Innovazione significa dunque ricerca continua, non solo per migliorare i processi e i prodotti, ma anche per rispondere rapidamente ai cambiamenti del mercato. La struttura familiare di tante aziende italiane, in particolare fra le PMI, è peraltro d’aiuto al tema della resilienza, favorendo la possibilità di prendere decisioni in tempi rapidi e di adattarsi più velocemente di aziende con strutture più complesse.

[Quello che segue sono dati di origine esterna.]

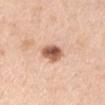Part of a total-body skin-imaging series; this lesion was reviewed on a skin check and was not flagged for biopsy. A male patient, roughly 50 years of age. The lesion is on the right upper arm. This image is a 15 mm lesion crop taken from a total-body photograph.
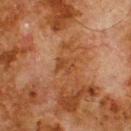notes=imaged on a skin check; not biopsied | location=the upper back | subject=male, in their 80s | TBP lesion metrics=a shape eccentricity near 0.7 and two-axis asymmetry of about 0.35; a normalized lesion–skin contrast near 5.5; border irregularity of about 3.5 on a 0–10 scale, a within-lesion color-variation index near 3/10, and a peripheral color-asymmetry measure near 1; a detector confidence of about 100 out of 100 that the crop contains a lesion | illumination=cross-polarized | acquisition=total-body-photography crop, ~15 mm field of view.

Ma la resilienza non riguarda solamente le tecnologie: è invece fondamentale soffermarsi anche sull’aspetto culturale. È necessario che le aziende approccino con mentalità aperta e con disponibilità i temi dell’innovazione, con una forma mentis pronta a cogliere le dinamiche della contemporaneità e rispondere alle nuove sfide del mercato, tenendo però in prima considerazione la persona.

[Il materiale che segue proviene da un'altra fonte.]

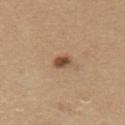Part of a total-body skin-imaging series; this lesion was reviewed on a skin check and was not flagged for biopsy.
The subject is a female about 60 years old.
From the upper back.
The lesion-visualizer software estimated an average lesion color of about L≈49 a*≈18 b*≈32 (CIELAB) and a lesion-to-skin contrast of about 10 (normalized; higher = more distinct). And it measured a within-lesion color-variation index near 2/10 and radial color variation of about 0.5. The software also gave a classifier nevus-likeness of about 95/100.
The lesion's longest dimension is about 2.5 mm.
Cropped from a total-body skin-imaging series; the visible field is about 15 mm.
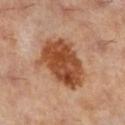Part of a total-body skin-imaging series; this lesion was reviewed on a skin check and was not flagged for biopsy. A roughly 15 mm field-of-view crop from a total-body skin photograph. The lesion is located on the right lower leg. The patient is a female roughly 60 years of age.

Padre Paolo Benanti – già ospite negli eventi di fine anno di A+FORUM – docente alla Pontificia Università Gregoriana di Roma, esperto di bioetica e membro del New Artificial Intelligence Advisory Board dell’ONU, sottolinea l’importanza cruciale dell’educazione per affrontare le sfide dell’AI. Il vero cambiamento portato dall’intelligenza artificiale non è solo tecnologico, ma anche sociale: l’educazione rappresenta la prima e più importante forma di difesa cibernetica per evitare che queste tecnologie creino disuguaglianze ancora più profonde. Al giorno d’oggi, infatti, “oltre il 75% della popolazione mondiale utilizza dispositivi digitali programmabili, ma solo una piccolissima parte della popolazione – circa lo 0,35% – è in grado di grado di programmare queste macchine. Significa che il 99,65% dell’umanità è analfabeta: se noi diamo questo potere allo 0,35% dell’umanità stiamo creando una diseguaglianza enorme, con una piccolissima frazione di persone, che sono i nuovi sacerdoti di questa nuova capacità di far accadere le cose, ed escludendo tutti gli altri”, col rischio di creare una nuova classe di “sacerdoti digitali”, in grado di manipolare e controllare le tecnologie che regolano la nostra vita quotidiana, escludendo la maggior parte delle persone da questo processo. L’intelligenza artificiale, che sta ormai diventando parte integrante della nostra vita, richiede una riflessione profonda su come possiamo garantire un accesso equo e democratico alle sue potenzialità. Solo attraverso l’educazione e la trasmissione intergenerazionale di competenze sarà possibile affrontare le sfide poste da queste tecnologie in modo etico

La resilienza, quindi, non riguarda solo la capacità delle imprese di rispondere rapidamente alle crisi, ma si estende anche al piano umano e sociale. È necessario educare le nuove generazioni, affinché siano in grado di gestire queste tecnologie con consapevolezza e responsabilità, evitando il rischio di una crescente disuguaglianza. La vera resilienza, in questo senso, non consiste solo nel saper adattarsi ai cambiamenti, ma anche nel garantire che tali cambiamenti siano gestiti in modo equo, inclusivo e sostenibile per tutte le generazioni. Siamo noi, come società, chiamati a costruire barriere etiche attorno all’intelligenza artificiale e alle tecnologie emergenti, per garantire un futuro in cui queste innovazioni possono servire davvero il bene comune, anziché creare nuove forme di esclusione Il focus primario della strategia 5.0 non sarà più la crescita, il profitto e l’efficienza, ma la creazione di organizzazioni che siano “anti fragili”, ovvero che siano in grado di anticipare, reagire e imparare in modo tempestivo e sistematico da qualsiasi crisi e quindi garantire prestazioni stabili e sostenibili. La resilienza si riferisce alla necessità di sviluppare maggiore robustezza nella produzione industriale, preparandola meglio contro le interruzioni. Si tratta di essere in grado di affrontare l’incertezza e il cambiamento ed evitare la fragilità del nostro attuale approccio alla produzione globalizzata, che dovrebbe essere bilanciato sviluppando catene di valore strategiche resilienti, capacità di produzione adattabile e processi aziendali flessibili.